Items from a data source
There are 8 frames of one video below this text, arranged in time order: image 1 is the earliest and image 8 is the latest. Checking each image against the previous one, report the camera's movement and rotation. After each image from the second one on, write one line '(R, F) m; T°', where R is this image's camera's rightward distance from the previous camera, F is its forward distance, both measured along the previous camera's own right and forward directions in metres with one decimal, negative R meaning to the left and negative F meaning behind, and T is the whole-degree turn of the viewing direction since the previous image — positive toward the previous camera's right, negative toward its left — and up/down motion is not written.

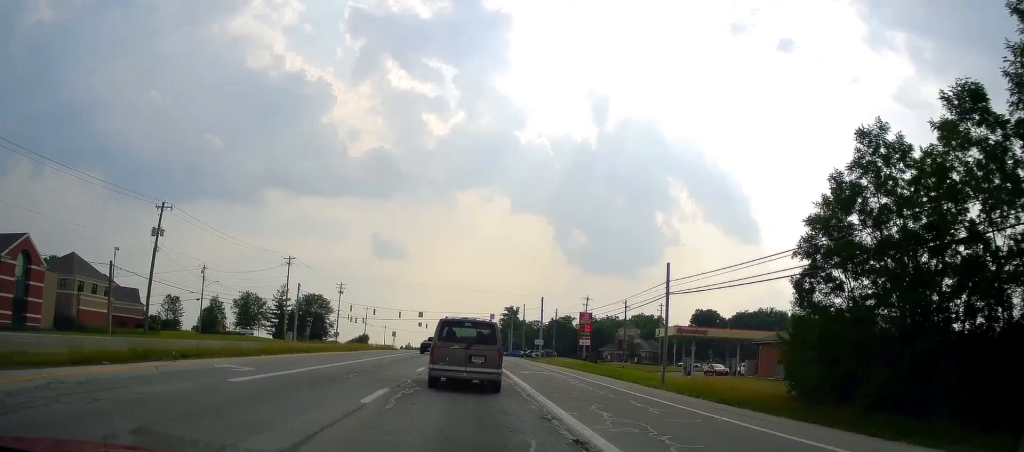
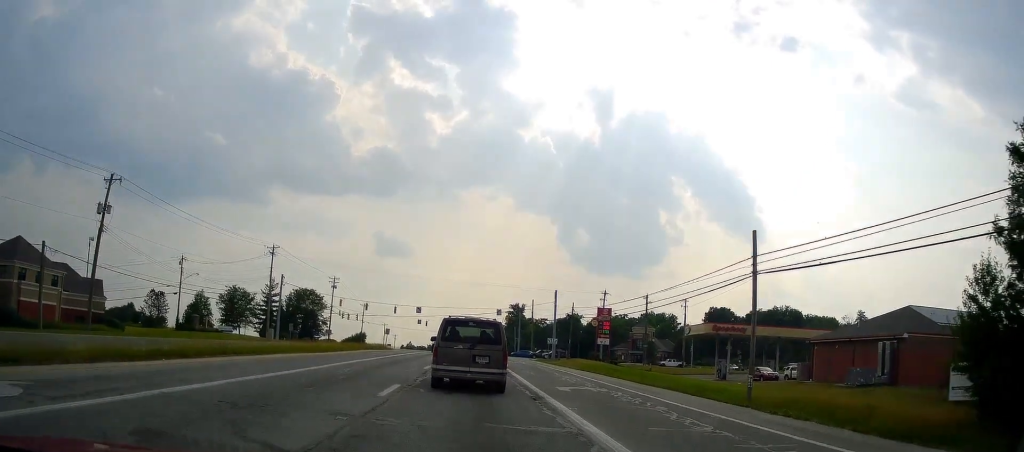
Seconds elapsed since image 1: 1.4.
(-0.2, +11.3) m; -1°
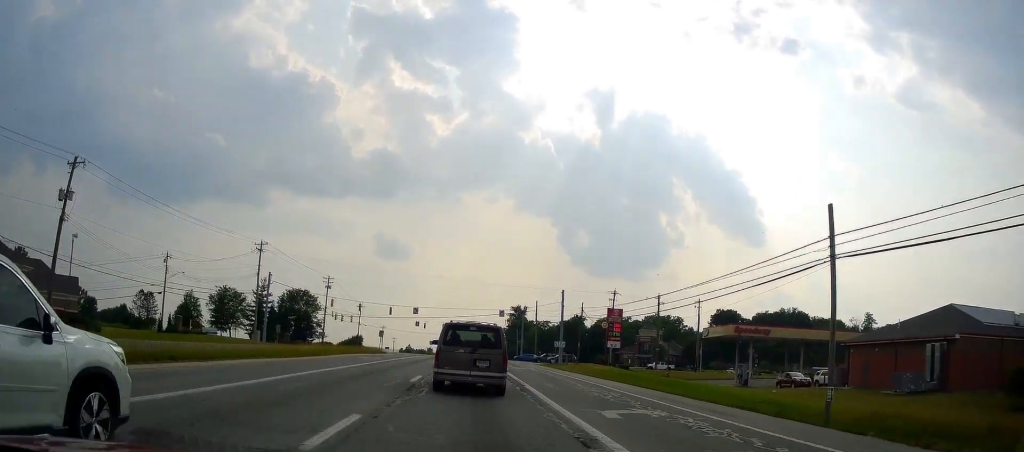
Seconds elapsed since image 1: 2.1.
(+0.1, +6.0) m; +1°
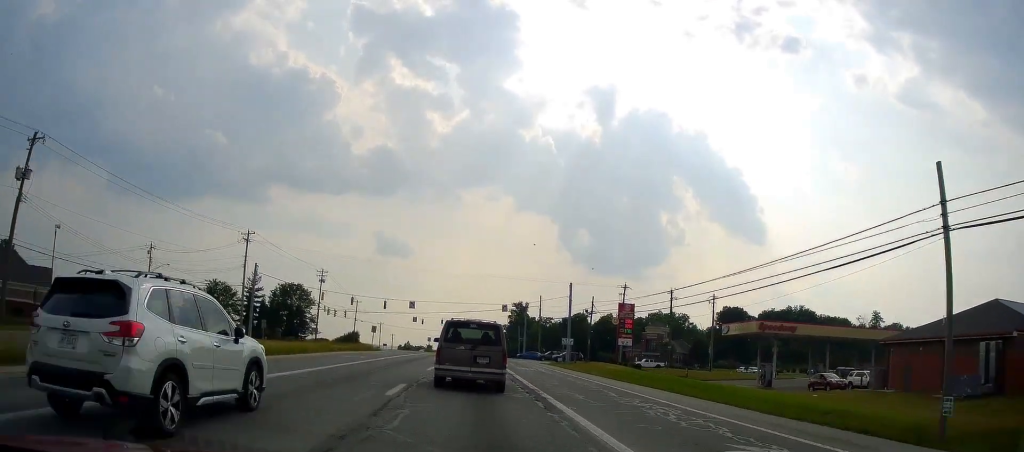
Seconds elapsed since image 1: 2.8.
(+0.1, +5.6) m; +2°
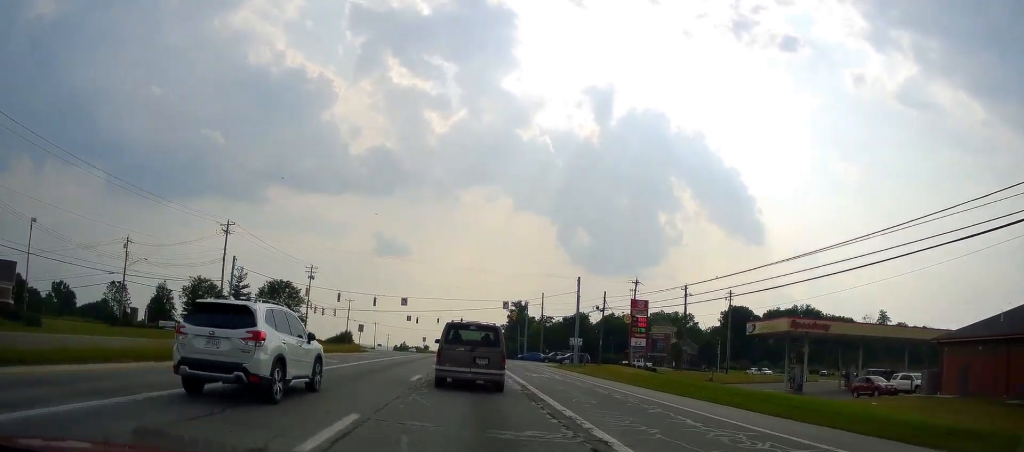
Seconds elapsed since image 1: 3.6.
(+0.1, +6.3) m; +1°
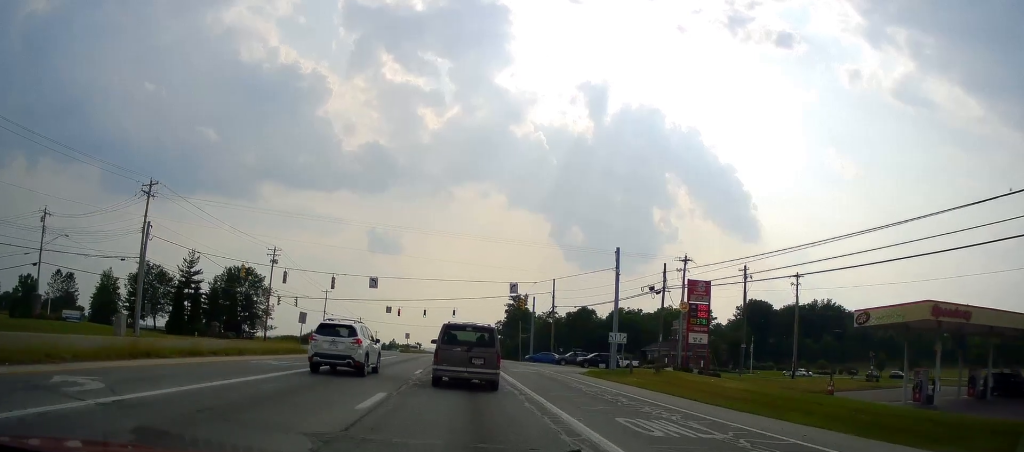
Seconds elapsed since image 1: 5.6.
(-0.8, +18.2) m; -3°
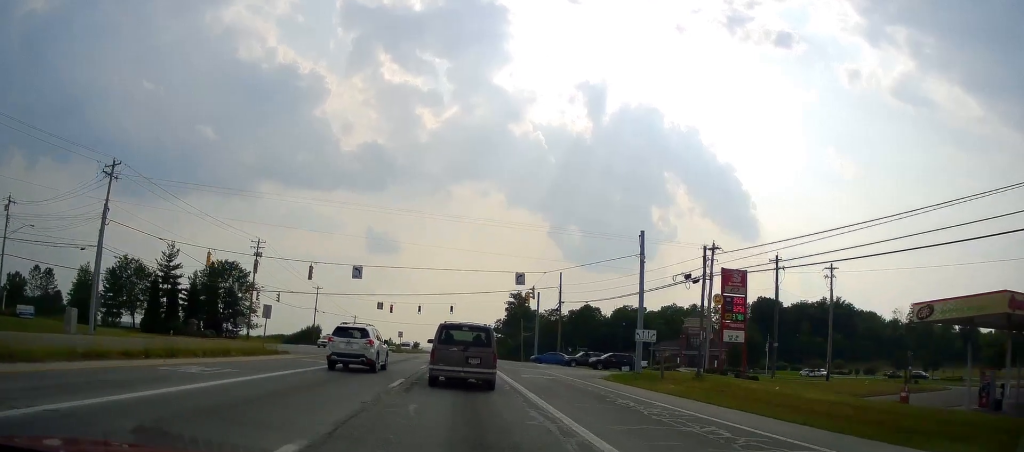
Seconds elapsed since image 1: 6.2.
(+0.2, +6.8) m; 0°
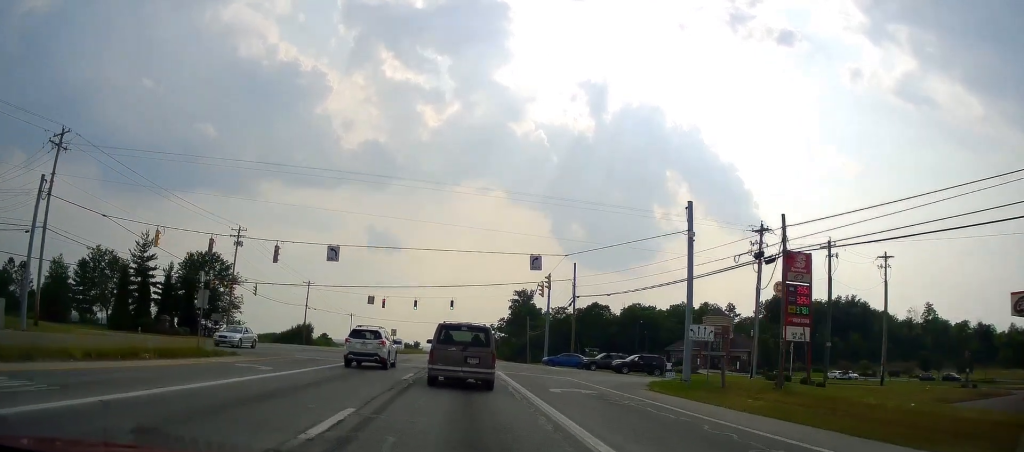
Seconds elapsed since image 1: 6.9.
(0.0, +8.1) m; 0°
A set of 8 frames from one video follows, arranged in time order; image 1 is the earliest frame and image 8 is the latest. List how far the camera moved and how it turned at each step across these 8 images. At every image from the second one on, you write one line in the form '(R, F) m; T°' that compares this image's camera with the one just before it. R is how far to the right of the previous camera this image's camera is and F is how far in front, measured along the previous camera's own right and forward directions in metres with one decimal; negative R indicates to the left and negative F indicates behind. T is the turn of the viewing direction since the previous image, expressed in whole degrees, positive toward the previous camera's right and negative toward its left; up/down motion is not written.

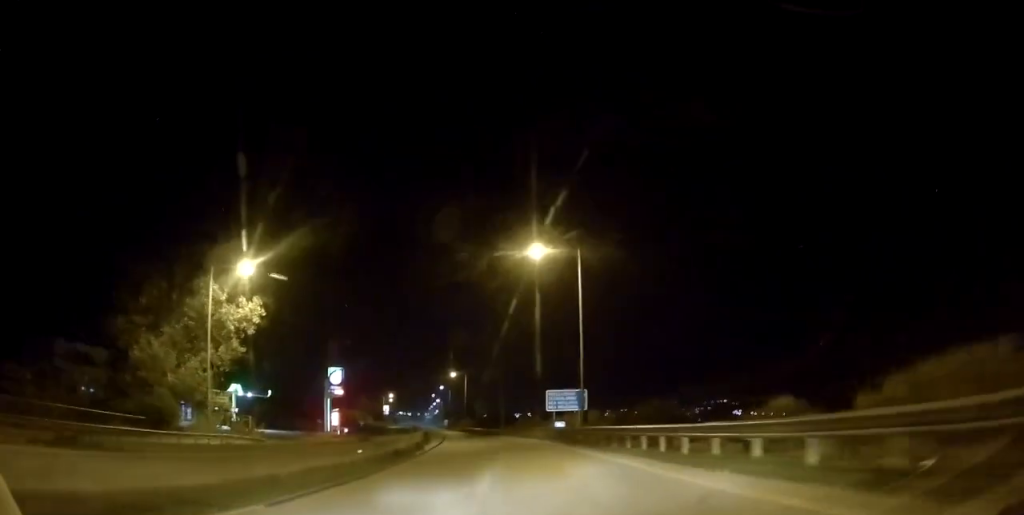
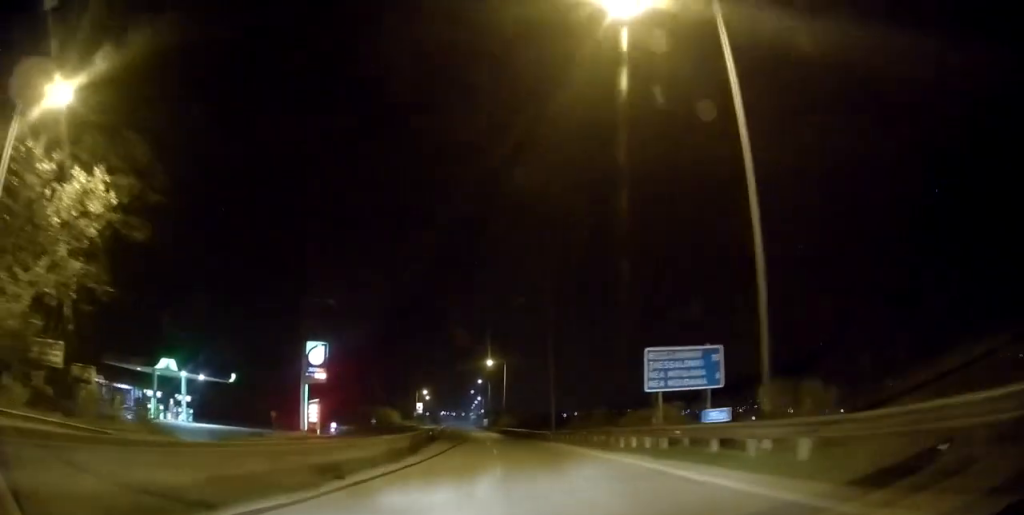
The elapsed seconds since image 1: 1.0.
(-1.0, +23.3) m; -5°
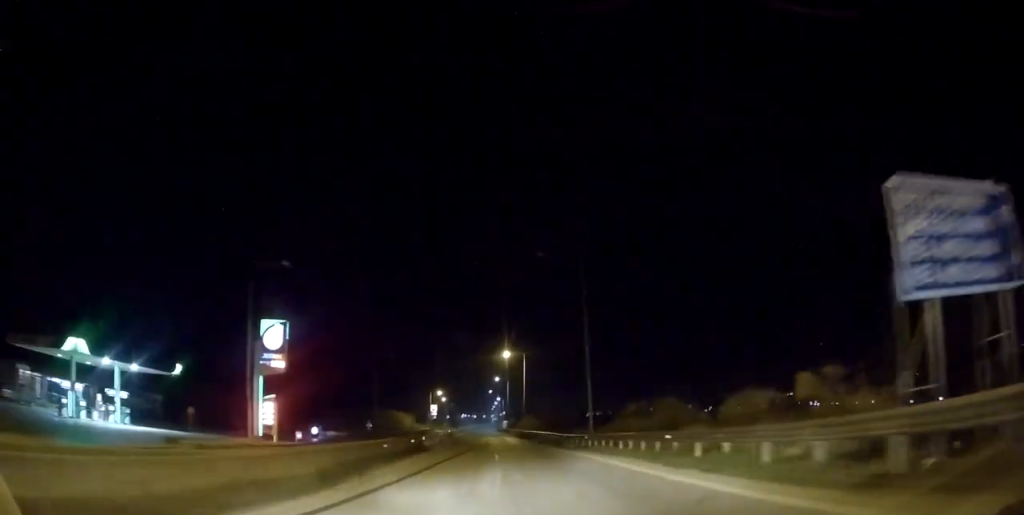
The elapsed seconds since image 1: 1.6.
(-0.5, +14.3) m; -2°
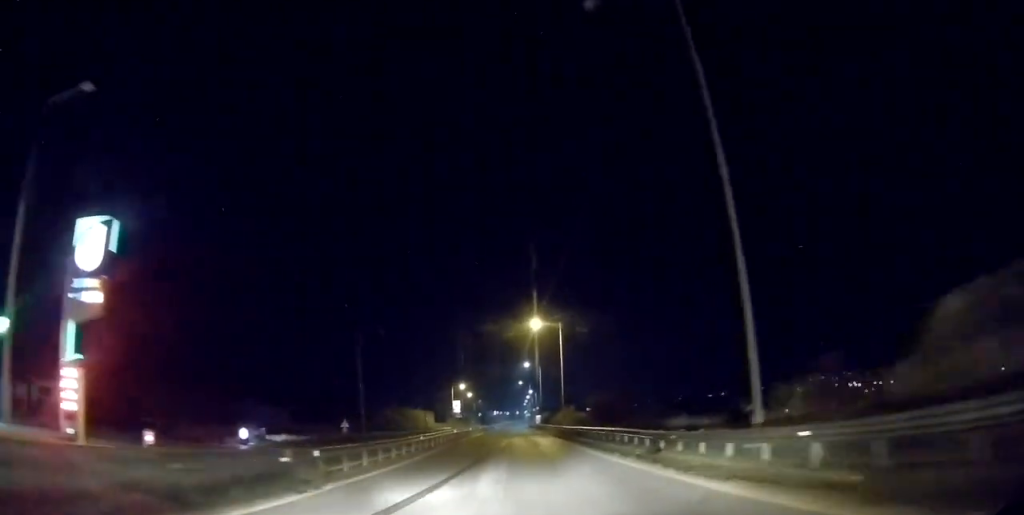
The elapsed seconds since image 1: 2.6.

→ PROBLEM: Every line of the records that includes the word "camera" should be gathered.

→ RESULT:
There are 8 frames of one video below this text, arranged in time order: image 1 is the earliest and image 8 is the latest. Checking each image against the previous one, report the camera's movement and rotation. After each image from the second one on, write one line '(R, F) m; T°', where R is this image's camera's rightward distance from the previous camera, F is its forward distance, both measured along the previous camera's own right and forward directions in metres with one decimal, negative R meaning to the left and negative F meaning behind, and T is the whole-degree turn of the viewing direction since the previous image — positive toward the previous camera's right, negative toward its left — and up/down motion is not written.
A set of 8 frames from one video follows, arranged in time order; image 1 is the earliest frame and image 8 is the latest. List how far the camera moved and how it turned at each step across these 8 images. At every image from the second one on, you write one line in the form '(R, F) m; T°' that compares this image's camera with the one just before it. R is how far to the right of the previous camera this image's camera is and F is how far in front, measured along the previous camera's own right and forward directions in metres with one decimal; negative R indicates to the left and negative F indicates behind. T is the turn of the viewing direction since the previous image, expressed in whole degrees, positive toward the previous camera's right and negative toward its left; up/down motion is not written.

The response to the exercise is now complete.